Design Academy Eindhoven
Yoon Seok-hyeon graduated from Design Academy Eindhoven in 2019. The innovative use of the traditional Ott lacquer technique earned Yoon the René Smeets Award for the best Bachelor of Arts project. He received a talent development grant from the Stimuleringsfonds Creatieve Industrie for his Ott series. The South Korean designer works from his studio in Eindhoven. Materials and objects in his surroundings inspire his design projects: ‘I observe and analyse them and try to make the link to design, environment, society and industry.’ This exhibition by Yoon Seok-hyeon is supported by the Stimuleringsfonds.

Korea year in the Princessehof
This autumn, the Princessehof will be devoted to South Korea. In addition to the design exhibition by Yoon Seok-Hyeon, MeekYoung Shin will be showing work in a new EKWC@Princessehof exhibition. The museum’s extensive autumn exhibition also revolves around Korea: visitors will discover Korea’s rich past and age-old culture through themes such as food culture, ideals of beauty and rituals. The enchanting celadon from the Goryeo dynasty (918-1392), pure white porcelain from the Joseon period (1392-1897), musical instruments and costumes, are interspersed with works by contemporary artists Yee Sookyung (1963), Juree Kim (1980) and Kyung-Jin Cho (1987), who underscore the enduring importance of ceramics in South Korea to this day.

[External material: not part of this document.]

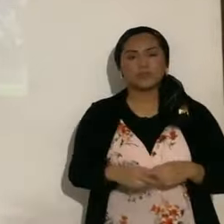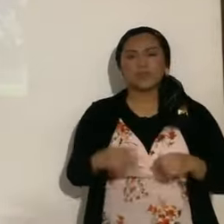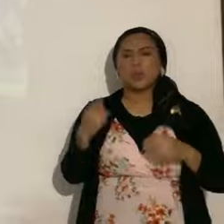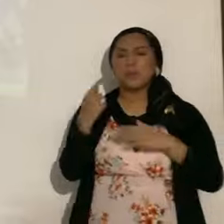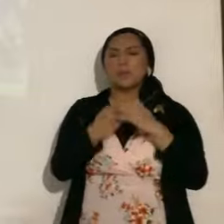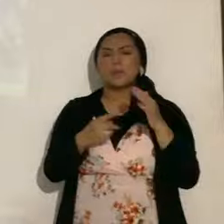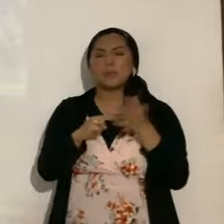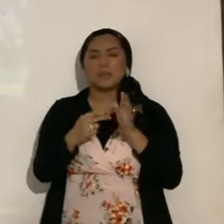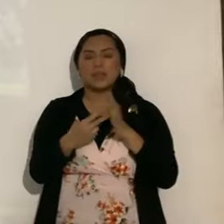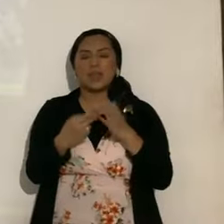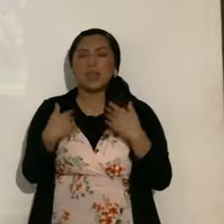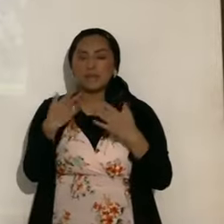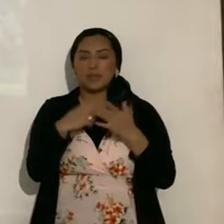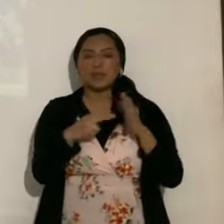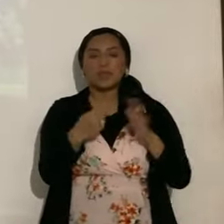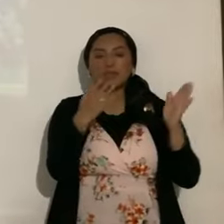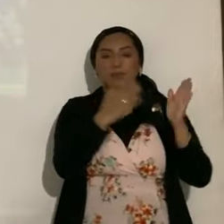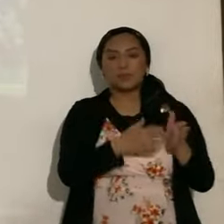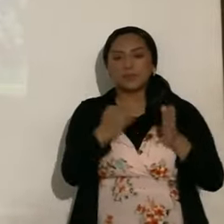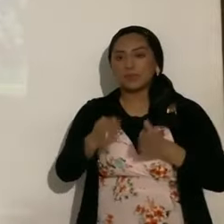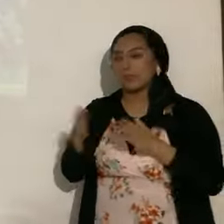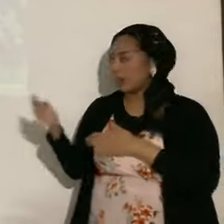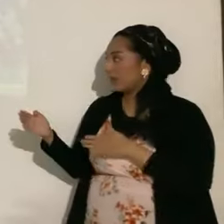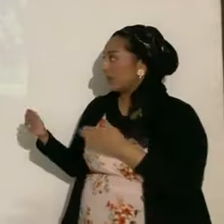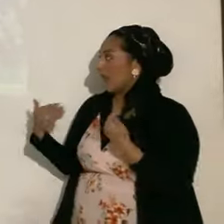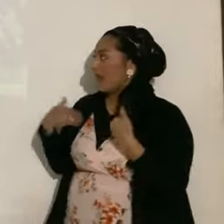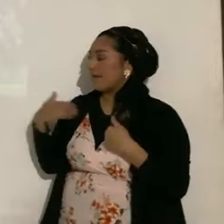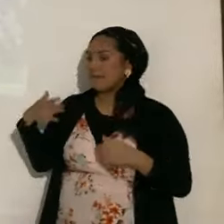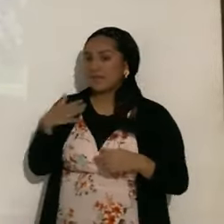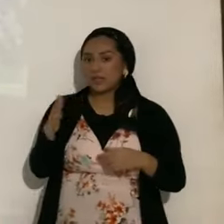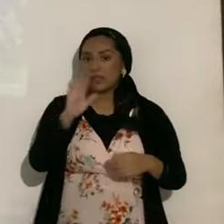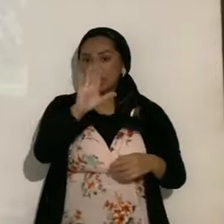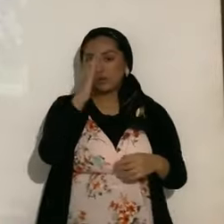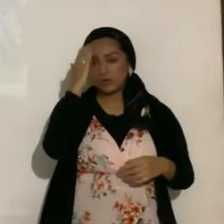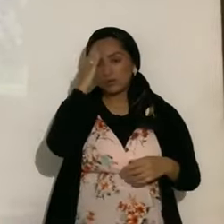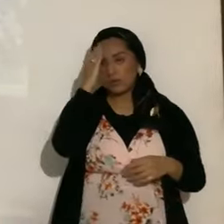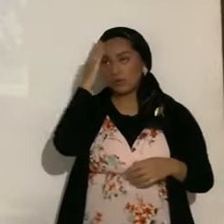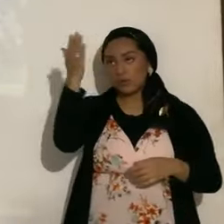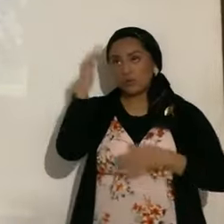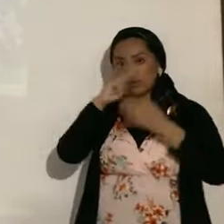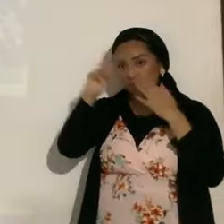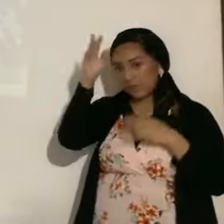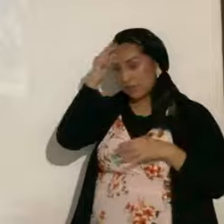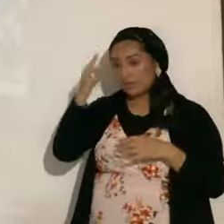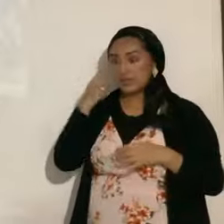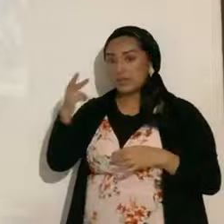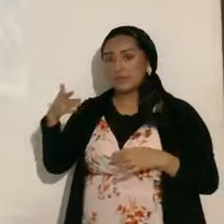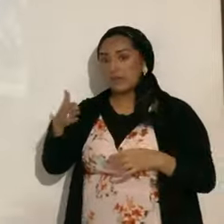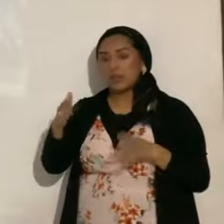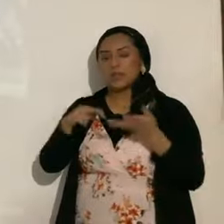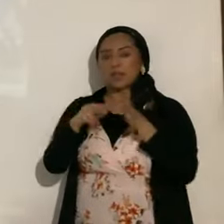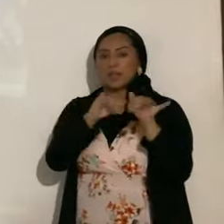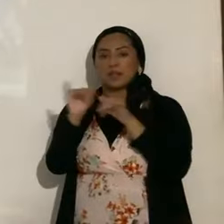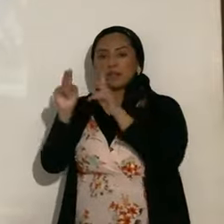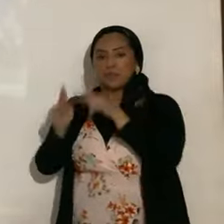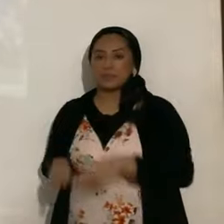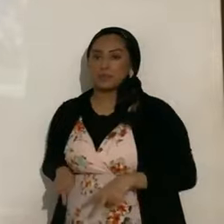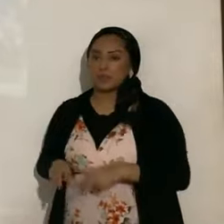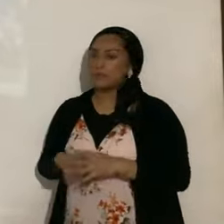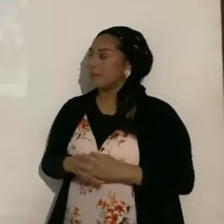Tiene un significado, voy a por partes. Están los peces, tú sabes que el Eterno considera a los peces como seres humanos. Los hombres
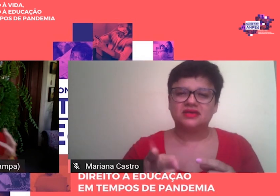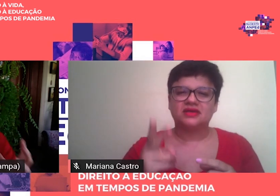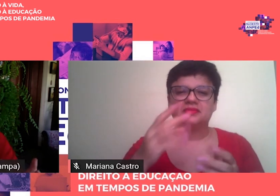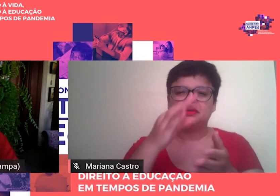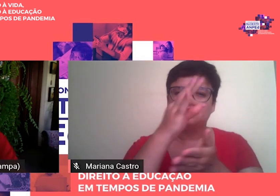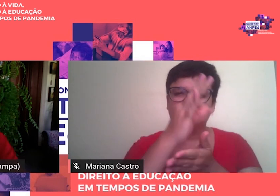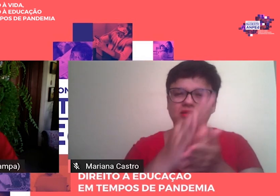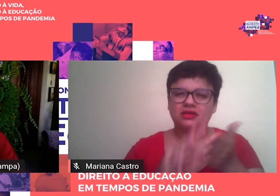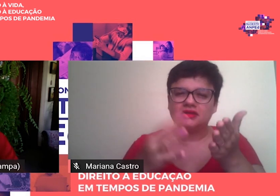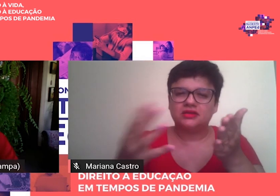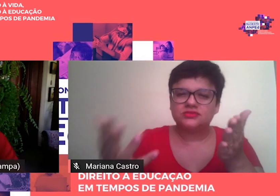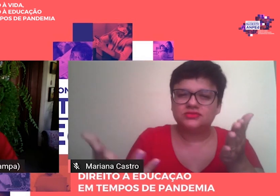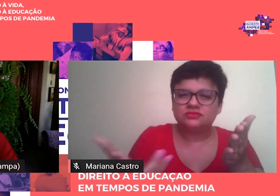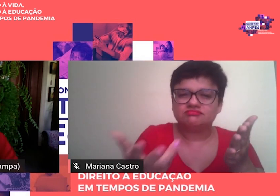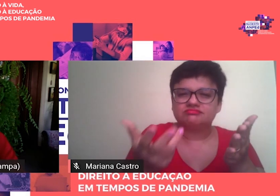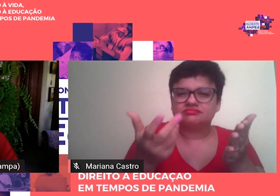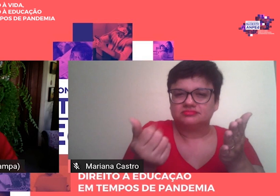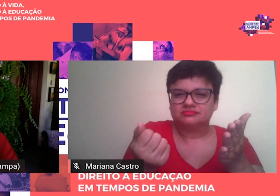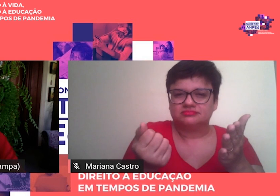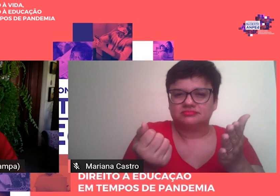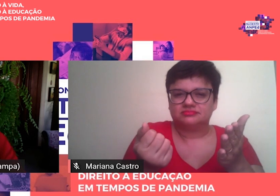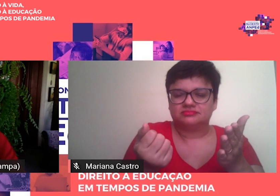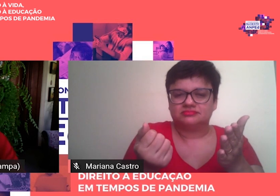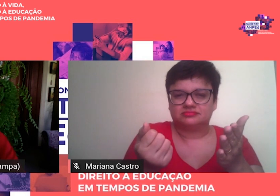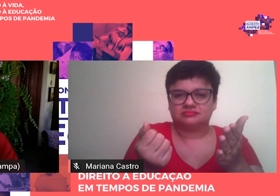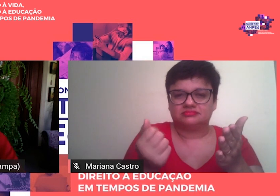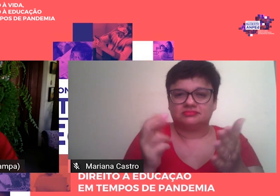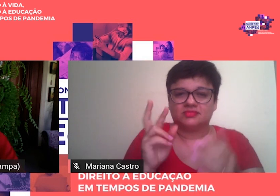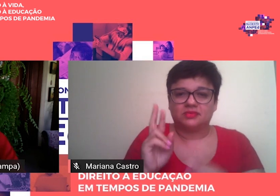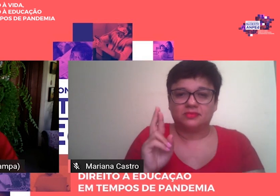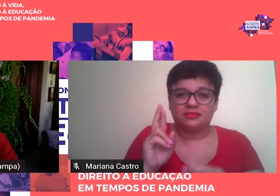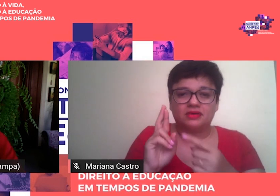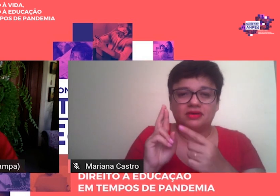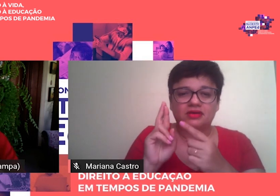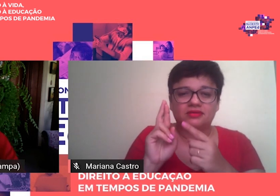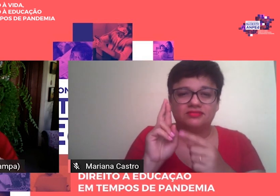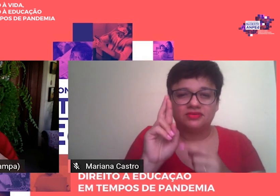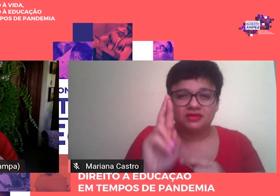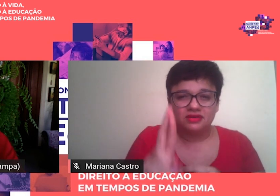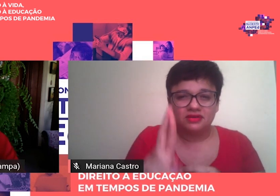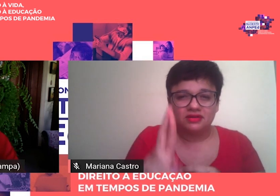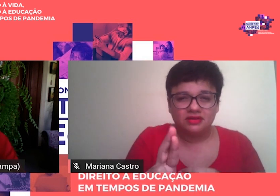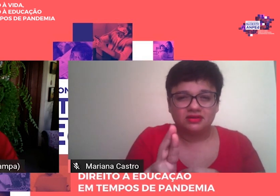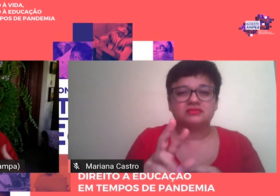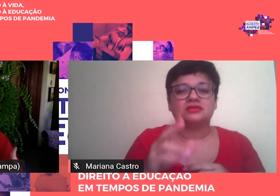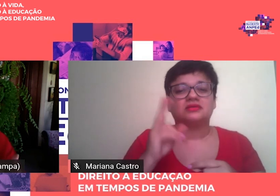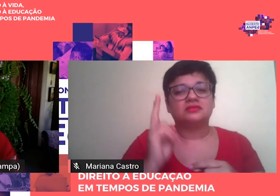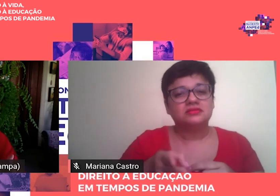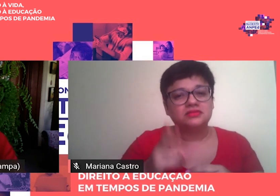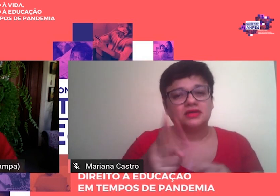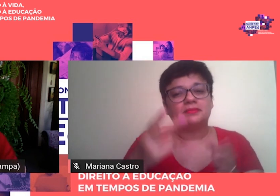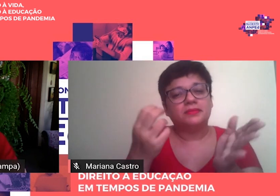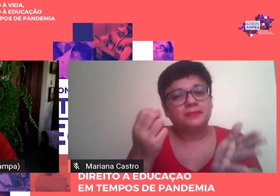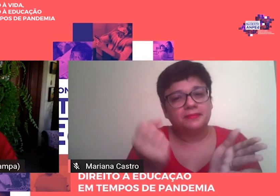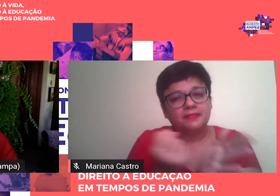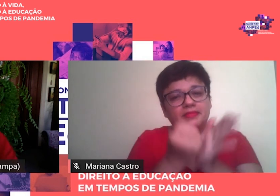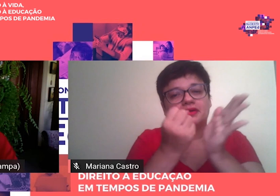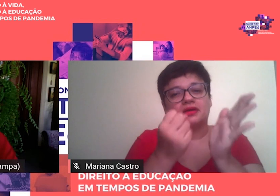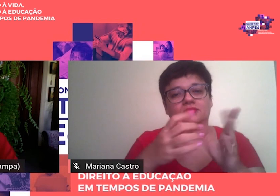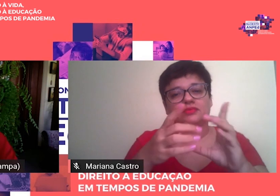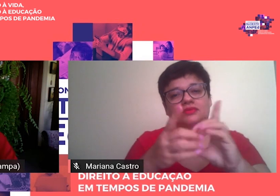e uma referência na construção dos próprios marcos que tivemos da

Treasures from the National Museum of Korea in Seoul will travel to Leeuwarden especially for the exhibition This is the first time they will be exhibited in the Netherlands. The Princessehof is creating this new exhibition with a sounding board group consisting of Dutch Koreans and Korea specialists.

The exhibition is also a perfect opportunity to celebrate the 60th anniversary of trade relations between the Netherlands and South Korea.